The little girl ignored him completely.
“You must learn to think multidimensionally if you want to use your skills correctly,” she said in a sharp, prim voice. “If you find that difficult, you may abstract the matter into a mathematical problem. I’ve heard that helps.”
“I’m using basic armor, car hydraulics, and off-the-shelf electronics! I don’t need multidimensional mathematics to tinker with any of that!”
“Not if you’re content to remain a mediocre little inventor,” the girl began, only to notice the third member of their group storming back from her parents’ house. She changed course. “How bad was it? Did they at least agree to arm themselves?”

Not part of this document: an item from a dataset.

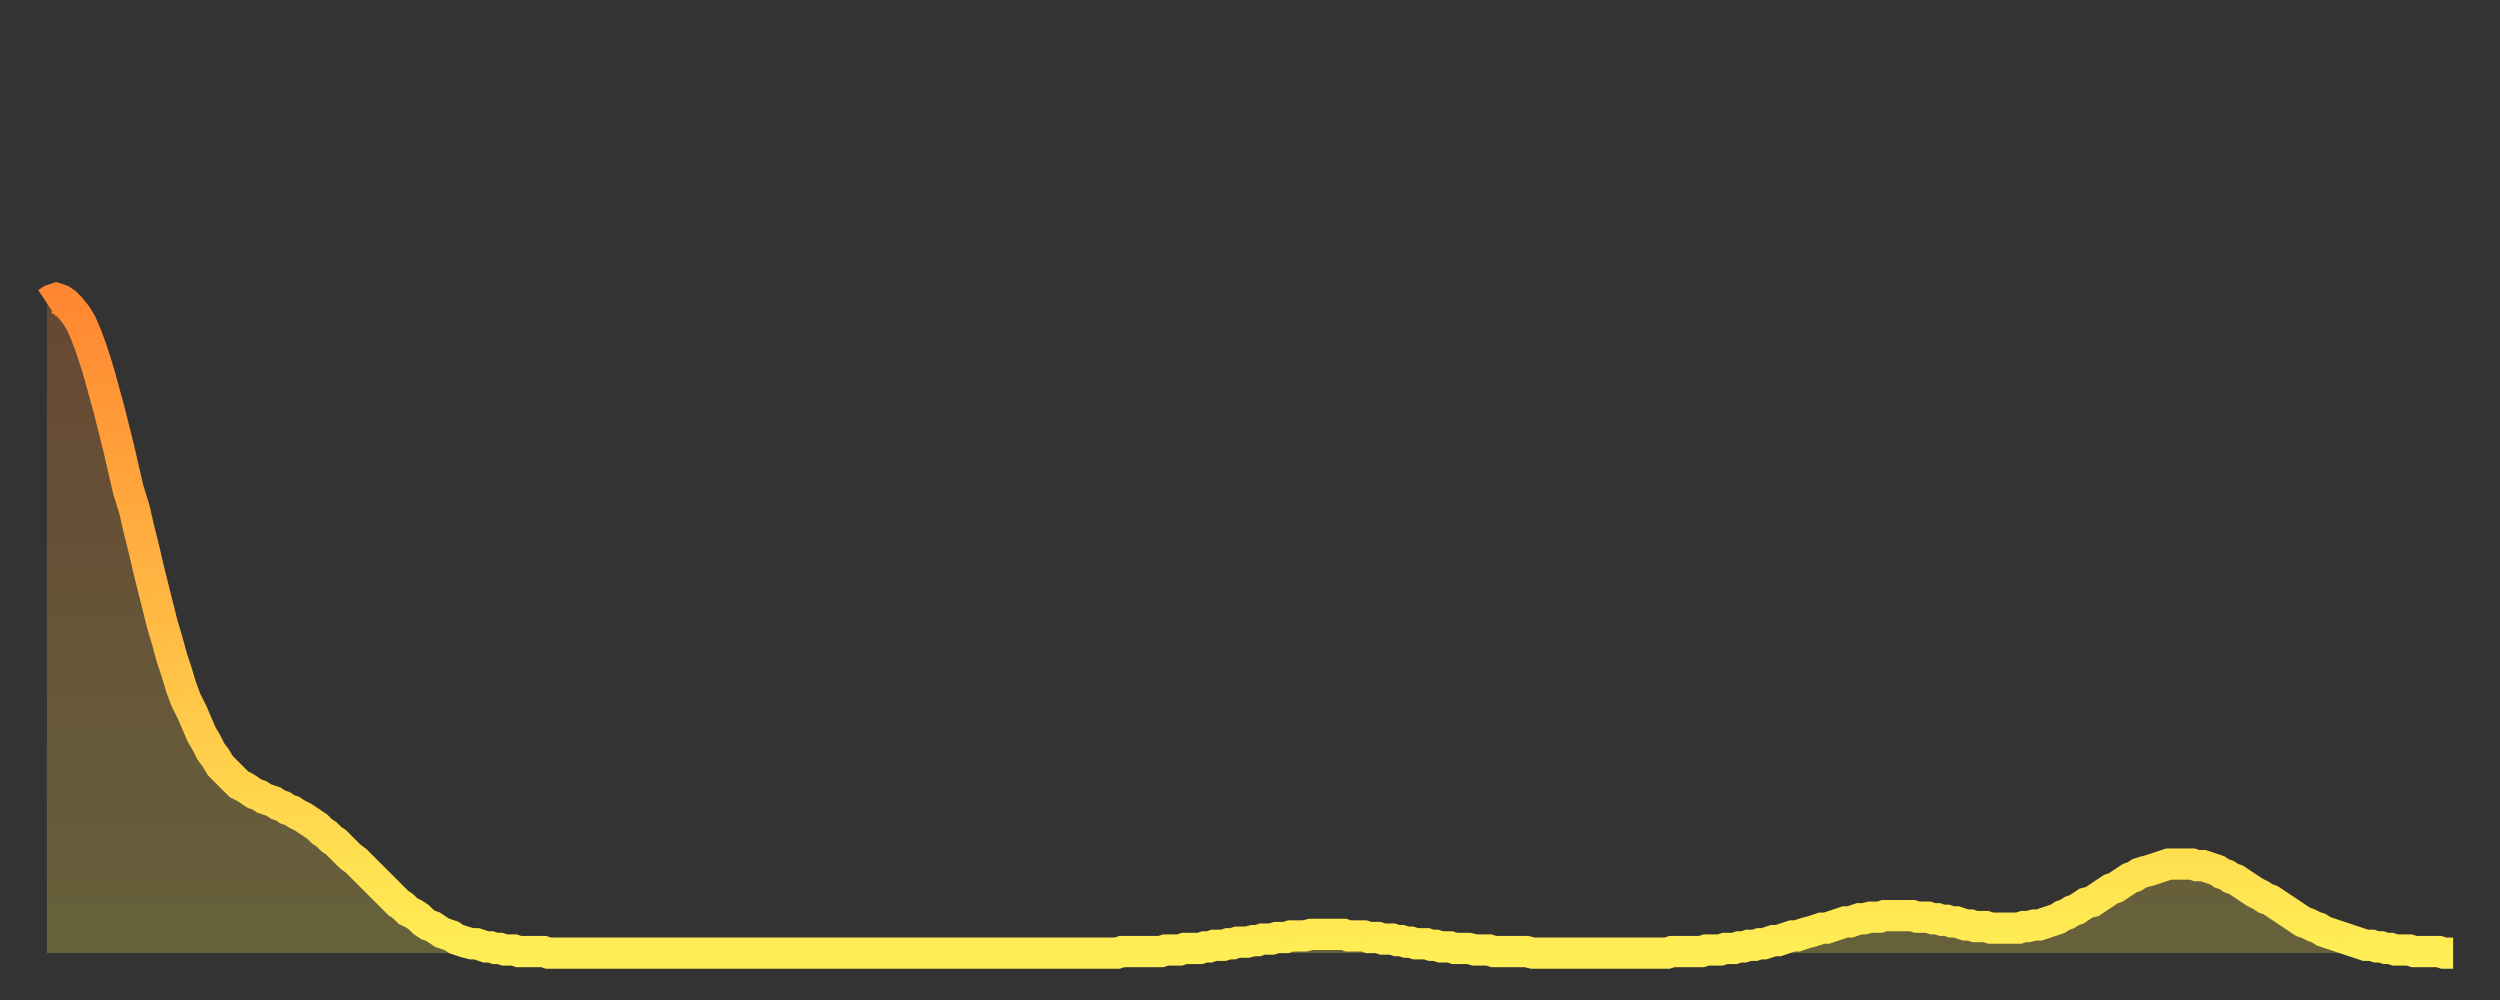 <?xml version="1.0" encoding="utf-8" ?>
<svg baseProfile="full" height="64" version="1.1" width="160" xmlns="http://www.w3.org/2000/svg" xmlns:ev="http://www.w3.org/2001/xml-events" xmlns:xlink="http://www.w3.org/1999/xlink"><rect width="100%" height="100%" fill="#333333" stroke="none"/><defs><linearGradient id="id395372" x1="0" x2="0" y1="0" y2="1"><stop offset="0%" stop-color="#ff8732" /><stop offset="50%" stop-color="#ffbb44" /><stop offset="100%" stop-color="#ffee55" /></linearGradient></defs><g transform="translate(3,3)"><g><path d="M 0.0 16.4 0.3 16.2 0.6 16.1 0.9 16.2 1.2 16.4 1.5 16.7 1.9 17.2 2.2 17.7 2.5 18.4 2.8 19.2 3.1 20.1 3.4 21.1 3.7 22.2 4.0 23.3 4.3 24.5 4.6 25.7 4.9 27.0 5.2 28.3 5.6 29.6 5.9 30.9 6.2 32.1 6.5 33.4 6.8 34.6 7.1 35.8 7.4 37.0 7.7 38.0 8.0 39.1 8.3 40.0 8.6 41.0 8.9 41.8 9.3 42.6 9.6 43.3 9.9 44.0 10.2 44.5 10.5 45.1 10.8 45.5 11.1 46.0 11.4 46.3 11.7 46.6 12.0 46.9 12.3 47.2 12.7 47.4 13.0 47.6 13.3 47.8 13.6 47.9 13.9 48.1 14.2 48.2 14.5 48.3 14.8 48.5 15.1 48.6 15.4 48.8 15.7 48.9 16.0 49.1 16.4 49.3 16.7 49.5 17.0 49.7 17.3 49.9 17.6 50.2 17.9 50.4 18.2 50.7 18.5 50.9 18.8 51.2 19.1 51.5 19.4 51.8 19.8 52.1 20.1 52.4 20.4 52.7 20.7 53.0 21.0 53.3 21.3 53.6 21.6 53.9 21.9 54.2 22.2 54.5 22.5 54.8 22.8 55.0 23.1 55.3 23.5 55.5 23.8 55.7 24.1 56.0 24.4 56.2 24.7 56.3 25.0 56.5 25.3 56.7 25.6 56.8 25.9 56.9 26.2 57.1 26.5 57.2 26.8 57.3 27.2 57.4 27.5 57.4 27.8 57.5 28.1 57.6 28.4 57.6 28.7 57.7 29.0 57.7 29.3 57.8 29.6 57.8 29.9 57.8 30.2 57.9 30.6 57.9 30.9 57.9 31.2 57.9 31.5 57.9 31.8 57.9 32.1 58.0 32.4 58.0 32.7 58.0 33.0 58.0 33.3 58.0 33.6 58.0 33.9 58.0 34.3 58.0 34.6 58.0 34.9 58.0 35.2 58.0 35.5 58.0 35.8 58.0 36.1 58.0 36.4 58.0 36.7 58.0 37.0 58.0 37.3 58.0 37.7 58.0 38.0 58.0 38.3 58.0 38.6 58.0 38.9 58.0 39.2 58.0 39.5 58.0 39.8 58.0 40.1 58.0 40.4 58.0 40.7 58.0 41.0 58.0 41.4 58.0 41.7 58.0 42.0 58.0 42.3 58.0 42.6 58.0 42.9 58.0 43.2 58.0 43.5 58.0 43.8 58.0 44.1 58.0 44.4 58.0 44.7 58.0 45.1 58.0 45.4 58.0 45.7 58.0 46.0 58.0 46.3 58.0 46.6 58.0 46.9 58.0 47.2 58.0 47.5 58.0 47.8 58.0 48.1 58.0 48.5 58.0 48.8 58.0 49.1 58.0 49.4 58.0 49.7 58.0 50.0 58.0 50.3 58.0 50.6 58.0 50.9 58.0 51.2 58.0 51.5 58.0 51.8 58.0 52.2 58.0 52.5 58.0 52.8 58.0 53.1 58.0 53.4 58.0 53.7 58.0 54.0 58.0 54.3 58.0 54.6 58.0 54.9 58.0 55.2 58.0 55.6 58.0 55.9 58.0 56.2 58.0 56.5 58.0 56.8 58.0 57.1 58.0 57.4 58.0 57.7 58.0 58.0 58.0 58.3 58.0 58.6 58.0 58.9 58.0 59.3 58.0 59.6 58.0 59.9 58.0 60.2 58.0 60.5 58.0 60.8 58.0 61.1 58.0 61.4 58.0 61.7 58.0 62.0 58.0 62.3 58.0 62.6 58.0 63.0 58.0 63.3 58.0 63.6 58.0 63.9 58.0 64.2 58.0 64.5 58.0 64.8 58.0 65.1 58.0 65.4 58.0 65.7 58.0 66.0 58.0 66.4 58.0 66.7 58.0 67.0 58.0 67.3 58.0 67.6 58.0 67.9 58.0 68.2 58.0 68.5 58.0 68.8 57.9 69.1 57.9 69.4 57.9 69.7 57.9 70.1 57.9 70.4 57.9 70.7 57.9 71.0 57.9 71.3 57.9 71.6 57.8 71.9 57.8 72.2 57.8 72.5 57.8 72.8 57.7 73.1 57.7 73.5 57.7 73.8 57.7 74.1 57.6 74.4 57.6 74.7 57.5 75.0 57.5 75.3 57.5 75.6 57.4 75.9 57.4 76.2 57.3 76.5 57.3 76.8 57.3 77.2 57.2 77.5 57.2 77.8 57.1 78.1 57.1 78.4 57.1 78.7 57.0 79.0 57.0 79.3 57.0 79.6 56.9 79.9 56.9 80.2 56.9 80.5 56.9 80.9 56.8 81.2 56.8 81.5 56.8 81.8 56.8 82.1 56.8 82.4 56.8 82.7 56.8 83.0 56.8 83.3 56.9 83.6 56.9 83.9 56.9 84.3 56.9 84.6 57.0 84.9 57.0 85.2 57.0 85.5 57.1 85.8 57.1 86.1 57.1 86.4 57.2 86.7 57.2 87.0 57.3 87.3 57.3 87.6 57.4 88.0 57.4 88.3 57.4 88.6 57.5 88.9 57.5 89.2 57.6 89.5 57.6 89.8 57.6 90.1 57.7 90.4 57.7 90.7 57.7 91.0 57.7 91.4 57.8 91.7 57.8 92.0 57.8 92.3 57.8 92.6 57.9 92.9 57.9 93.2 57.9 93.5 57.9 93.8 57.9 94.1 57.9 94.4 57.9 94.7 57.9 95.1 58.0 95.4 58.0 95.7 58.0 96.0 58.0 96.3 58.0 96.6 58.0 96.9 58.0 97.2 58.0 97.5 58.0 97.8 58.0 98.1 58.0 98.4 58.0 98.8 58.0 99.1 58.0 99.4 58.0 99.7 58.0 100.0 58.0 100.3 58.0 100.6 58.0 100.9 58.0 101.2 58.0 101.5 58.0 101.8 58.0 102.2 58.0 102.5 58.0 102.8 58.0 103.1 58.0 103.4 58.0 103.7 58.0 104.0 57.9 104.3 57.9 104.6 57.9 104.9 57.9 105.2 57.9 105.5 57.9 105.9 57.9 106.2 57.8 106.5 57.8 106.8 57.8 107.1 57.8 107.4 57.7 107.7 57.7 108.0 57.7 108.3 57.6 108.6 57.6 108.9 57.5 109.3 57.5 109.6 57.4 109.9 57.4 110.2 57.3 110.5 57.2 110.8 57.2 111.1 57.1 111.4 57.0 111.7 56.9 112.0 56.9 112.3 56.8 112.6 56.7 113.0 56.6 113.3 56.5 113.6 56.4 113.9 56.4 114.2 56.3 114.5 56.2 114.8 56.1 115.1 56.0 115.4 56.0 115.7 55.9 116.0 55.8 116.3 55.8 116.7 55.7 117.0 55.7 117.3 55.7 117.6 55.6 117.9 55.6 118.2 55.6 118.5 55.6 118.8 55.6 119.1 55.6 119.4 55.6 119.7 55.7 120.1 55.7 120.4 55.7 120.7 55.8 121.0 55.8 121.3 55.9 121.6 55.9 121.9 56.0 122.2 56.0 122.5 56.1 122.8 56.2 123.1 56.2 123.4 56.3 123.8 56.3 124.1 56.3 124.4 56.4 124.7 56.4 125.0 56.4 125.3 56.4 125.6 56.4 125.9 56.4 126.2 56.4 126.5 56.3 126.8 56.3 127.2 56.2 127.5 56.2 127.8 56.1 128.1 56.0 128.4 55.9 128.7 55.8 129.0 55.6 129.3 55.5 129.6 55.3 129.9 55.2 130.2 55.0 130.5 54.8 130.9 54.7 131.2 54.5 131.5 54.3 131.8 54.1 132.1 53.9 132.4 53.8 132.7 53.6 133.0 53.4 133.3 53.2 133.6 53.1 133.9 52.9 134.2 52.8 134.6 52.7 134.9 52.6 135.2 52.5 135.5 52.4 135.8 52.3 136.1 52.3 136.4 52.3 136.7 52.3 137.0 52.3 137.3 52.3 137.6 52.4 138.0 52.4 138.3 52.5 138.6 52.6 138.9 52.7 139.2 52.9 139.5 53.0 139.8 53.2 140.1 53.3 140.4 53.5 140.7 53.7 141.0 53.9 141.3 54.1 141.7 54.3 142.0 54.5 142.3 54.6 142.6 54.8 142.9 55.0 143.2 55.2 143.5 55.4 143.8 55.6 144.1 55.8 144.4 56.0 144.7 56.1 145.1 56.3 145.4 56.4 145.7 56.6 146.0 56.7 146.3 56.8 146.6 56.9 146.9 57.0 147.2 57.1 147.5 57.2 147.8 57.3 148.1 57.4 148.4 57.5 148.8 57.5 149.1 57.6 149.4 57.6 149.7 57.7 150.0 57.7 150.3 57.8 150.6 57.8 150.9 57.8 151.2 57.8 151.5 57.9 151.8 57.9 152.1 57.9 152.5 57.9 152.8 57.9 153.1 57.9 153.4 58.0 153.7 58.0 154.0 58.0" fill="none" id="graph-curve" opacity="1" stroke="url(#id395372)" stroke-width="2" /><path d="M 0 58 L 0.0 16.4 0.3 16.2 0.6 16.1 0.9 16.2 1.2 16.4 1.5 16.7 1.9 17.2 2.2 17.7 2.5 18.4 2.8 19.2 3.1 20.1 3.4 21.1 3.7 22.2 4.0 23.3 4.3 24.5 4.6 25.7 4.9 27.0 5.2 28.3 5.6 29.6 5.9 30.9 6.2 32.1 6.5 33.4 6.8 34.6 7.1 35.8 7.4 37.0 7.7 38.0 8.0 39.1 8.3 40.0 8.6 41.0 8.9 41.8 9.3 42.6 9.6 43.3 9.9 44.0 10.2 44.5 10.5 45.1 10.8 45.5 11.1 46.0 11.4 46.3 11.7 46.6 12.0 46.9 12.3 47.2 12.7 47.4 13.0 47.6 13.3 47.8 13.6 47.9 13.9 48.1 14.2 48.2 14.5 48.3 14.8 48.5 15.1 48.6 15.4 48.8 15.7 48.9 16.0 49.1 16.4 49.3 16.7 49.5 17.0 49.7 17.3 49.9 17.6 50.2 17.9 50.4 18.2 50.7 18.5 50.9 18.8 51.2 19.1 51.5 19.4 51.8 19.8 52.1 20.1 52.4 20.4 52.7 20.7 53.0 21.0 53.3 21.3 53.6 21.6 53.9 21.9 54.2 22.2 54.5 22.5 54.8 22.8 55.0 23.1 55.3 23.5 55.5 23.8 55.7 24.1 56.0 24.4 56.2 24.7 56.3 25.0 56.5 25.3 56.7 25.6 56.8 25.9 56.9 26.2 57.1 26.5 57.2 26.8 57.3 27.2 57.4 27.5 57.4 27.8 57.5 28.1 57.6 28.4 57.6 28.7 57.7 29.0 57.7 29.3 57.8 29.6 57.8 29.9 57.8 30.2 57.9 30.6 57.9 30.9 57.9 31.2 57.9 31.5 57.9 31.8 57.9 32.1 58.0 32.4 58.0 32.7 58.0 33.0 58.0 33.3 58.0 33.6 58.0 33.9 58.0 34.3 58.0 34.6 58.0 34.9 58.0 35.2 58.0 35.5 58.0 35.8 58.0 36.1 58.0 36.4 58.0 36.7 58.0 37.0 58.0 37.3 58.0 37.7 58.0 38.0 58.0 38.3 58.0 38.6 58.0 38.9 58.0 39.2 58.0 39.5 58.0 39.8 58.0 40.1 58.0 40.4 58.0 40.7 58.0 41.0 58.0 41.4 58.0 41.7 58.0 42.0 58.0 42.3 58.0 42.6 58.0 42.9 58.0 43.2 58.0 43.5 58.0 43.8 58.0 44.1 58.0 44.4 58.0 44.7 58.0 45.1 58.0 45.4 58.0 45.7 58.0 46.0 58.0 46.3 58.0 46.6 58.0 46.9 58.0 47.2 58.0 47.5 58.0 47.8 58.0 48.1 58.0 48.5 58.0 48.8 58.0 49.1 58.0 49.4 58.0 49.7 58.0 50.0 58.0 50.3 58.0 50.6 58.0 50.9 58.0 51.2 58.0 51.5 58.0 51.8 58.0 52.2 58.0 52.5 58.0 52.8 58.0 53.1 58.0 53.4 58.0 53.7 58.0 54.0 58.0 54.3 58.0 54.6 58.0 54.9 58.0 55.2 58.0 55.6 58.0 55.9 58.0 56.2 58.0 56.5 58.0 56.8 58.0 57.1 58.0 57.4 58.0 57.7 58.0 58.0 58.0 58.3 58.0 58.6 58.0 58.9 58.0 59.3 58.0 59.6 58.0 59.9 58.0 60.2 58.0 60.5 58.0 60.8 58.0 61.1 58.0 61.4 58.0 61.7 58.0 62.0 58.0 62.3 58.0 62.6 58.0 63.0 58.0 63.3 58.0 63.6 58.0 63.9 58.0 64.2 58.0 64.5 58.0 64.8 58.0 65.1 58.0 65.4 58.0 65.7 58.0 66.0 58.0 66.4 58.0 66.7 58.0 67.0 58.0 67.3 58.0 67.6 58.0 67.9 58.0 68.2 58.0 68.5 58.0 68.8 57.9 69.1 57.9 69.4 57.9 69.7 57.9 70.1 57.9 70.4 57.9 70.7 57.9 71.0 57.9 71.3 57.9 71.6 57.8 71.9 57.8 72.2 57.8 72.5 57.8 72.8 57.7 73.1 57.7 73.5 57.7 73.8 57.7 74.1 57.6 74.4 57.6 74.7 57.5 75.0 57.5 75.3 57.5 75.6 57.4 75.9 57.4 76.2 57.3 76.5 57.3 76.8 57.3 77.2 57.2 77.5 57.2 77.8 57.1 78.1 57.1 78.4 57.1 78.7 57.0 79.0 57.0 79.3 57.0 79.6 56.9 79.9 56.9 80.2 56.9 80.5 56.9 80.9 56.8 81.2 56.8 81.5 56.8 81.8 56.8 82.1 56.8 82.4 56.8 82.7 56.8 83.0 56.8 83.3 56.9 83.6 56.9 83.9 56.9 84.3 56.9 84.6 57.0 84.9 57.0 85.2 57.0 85.5 57.1 85.8 57.1 86.1 57.1 86.4 57.2 86.7 57.2 87.0 57.3 87.3 57.3 87.6 57.4 88.0 57.4 88.3 57.4 88.6 57.5 88.9 57.5 89.2 57.6 89.5 57.6 89.8 57.6 90.1 57.7 90.4 57.7 90.7 57.7 91.0 57.7 91.4 57.8 91.7 57.8 92.0 57.8 92.3 57.8 92.6 57.9 92.9 57.9 93.2 57.9 93.5 57.9 93.8 57.9 94.1 57.9 94.4 57.9 94.7 57.9 95.1 58.0 95.4 58.0 95.7 58.0 96.0 58.0 96.3 58.0 96.6 58.0 96.9 58.0 97.2 58.0 97.5 58.0 97.8 58.0 98.1 58.0 98.4 58.0 98.8 58.0 99.1 58.0 99.4 58.0 99.7 58.0 100.0 58.0 100.3 58.0 100.6 58.0 100.9 58.0 101.2 58.0 101.5 58.0 101.8 58.0 102.2 58.0 102.5 58.0 102.8 58.0 103.1 58.0 103.4 58.0 103.7 58.0 104.0 57.9 104.3 57.9 104.6 57.9 104.9 57.9 105.2 57.9 105.5 57.9 105.9 57.9 106.2 57.8 106.5 57.8 106.8 57.8 107.1 57.8 107.4 57.7 107.7 57.7 108.0 57.7 108.3 57.6 108.6 57.6 108.9 57.5 109.3 57.5 109.6 57.4 109.9 57.4 110.2 57.3 110.5 57.2 110.8 57.2 111.1 57.1 111.4 57.0 111.7 56.9 112.0 56.9 112.3 56.8 112.6 56.7 113.0 56.6 113.3 56.5 113.6 56.4 113.9 56.4 114.2 56.3 114.5 56.2 114.8 56.1 115.1 56.0 115.4 56.0 115.7 55.9 116.0 55.8 116.3 55.8 116.7 55.7 117.0 55.7 117.3 55.7 117.6 55.6 117.9 55.6 118.2 55.6 118.5 55.6 118.8 55.6 119.1 55.6 119.4 55.6 119.7 55.7 120.1 55.7 120.4 55.7 120.7 55.8 121.0 55.8 121.3 55.9 121.6 55.9 121.9 56.0 122.2 56.0 122.5 56.1 122.8 56.2 123.1 56.2 123.4 56.3 123.8 56.3 124.1 56.3 124.4 56.4 124.7 56.4 125.0 56.4 125.3 56.4 125.6 56.4 125.9 56.4 126.2 56.4 126.5 56.3 126.8 56.3 127.2 56.2 127.5 56.2 127.8 56.1 128.1 56.0 128.4 55.9 128.7 55.8 129.0 55.6 129.3 55.5 129.6 55.3 129.9 55.2 130.2 55.0 130.5 54.8 130.9 54.7 131.2 54.5 131.5 54.3 131.8 54.1 132.1 53.9 132.4 53.8 132.7 53.6 133.0 53.4 133.3 53.2 133.6 53.1 133.9 52.9 134.2 52.8 134.6 52.7 134.9 52.6 135.2 52.5 135.5 52.4 135.8 52.3 136.1 52.3 136.4 52.3 136.7 52.3 137.0 52.3 137.3 52.3 137.6 52.4 138.0 52.4 138.3 52.5 138.6 52.6 138.9 52.7 139.2 52.9 139.5 53.0 139.8 53.2 140.1 53.3 140.4 53.5 140.7 53.7 141.0 53.9 141.3 54.1 141.7 54.3 142.0 54.5 142.3 54.6 142.6 54.8 142.9 55.0 143.2 55.2 143.5 55.4 143.8 55.6 144.1 55.8 144.4 56.0 144.7 56.1 145.1 56.3 145.4 56.4 145.7 56.6 146.0 56.7 146.3 56.8 146.6 56.9 146.9 57.0 147.2 57.1 147.5 57.2 147.8 57.3 148.1 57.4 148.4 57.5 148.8 57.5 149.1 57.6 149.4 57.6 149.7 57.7 150.0 57.7 150.3 57.8 150.6 57.8 150.9 57.8 151.2 57.8 151.5 57.9 151.8 57.9 152.1 57.9 152.5 57.9 152.8 57.9 153.1 57.9 153.4 58.0 153.7 58.0 154.0 58.0 154 58" fill="url(#id395372)" fill-opacity=".25" id="graph-shadow" /></g></g></svg>

“Why ask questions when you already know the answer?” Chi Li muttered.
She stamped hard on the sidewalk. The instant her boot touched stone, it hissed and sank into the suddenly softened, red-hot surface, leaving behind a perfect boot-shaped print.
“Forget it. This is probably another one of those things where you’re impossibly smug but still willing to humor us mortals, or whatever.”
She turned toward the boy in power armor with a frown, and with a trace of discomfort and embarrassment.
“I need a favor. Can you stand guard here for the next thirty minutes or so? My parents refuse to leave the house, so I have to put up a protective ward around it.”
“No problem,” the boy said with a nod. His heavy armor moved with surprisingly little noise. “I don’t see any monsters nearby. It’s unbelievable. This neighborhood hasn’t been attacked once in the last three days.”
“Unfortunately, I can see them,” Chi Li said.
She tied her deep crimson hair back into a ponytail to keep it from falling into her eyes.
“A large monster patrol is headed this way. They’re less than five hundred meters out, and closing.”
“You know, I really envy your magic. You’re not locked into specific skills.”
The power armor suddenly began to hum. Several indicator lights along its limbs came alive.
“How does fire magic let you see that far? That makes no sense.”
“Fire has been used to illuminate and reveal things since human beings first existed. Of course it can be used for distant sight.”
Her eyes glowed red as she burned another symbol into the sidewalk a dozen feet from the first.
“To be more specific, fire is light. Energy. If I can control it, why shouldn’t I be able to draw light from several blocks away directly into my eyes?”
She walked a few more steps and burned another symbol into the ground.
“Now remember. Once the fighting starts, I can’t help you. Setting up a large-scale magic circle requires most of my focus, and once I begin, I can’t stop. If I do, all the energy I’ve gathered will discharge uncontrollably.”
“Mm.”
The boy pressed buttons on both wrists. Electricity began crackling along his two blades.
“Why don’t we beat the monsters back together first, and then you cast your magic?”
“Excellent idea, Cheng Rui,” the red-haired girl said with a bitter smile. “It would have been even better if I hadn’t already started casting when dear Mother made up her mind to be impossible.”
“That’s what happens when you don’t plan ahead,” Cheng Rui muttered, as all the systems in his power armor finally turned green.
“Says the witch casting real magic in Elvish,” the little girl added under her breath.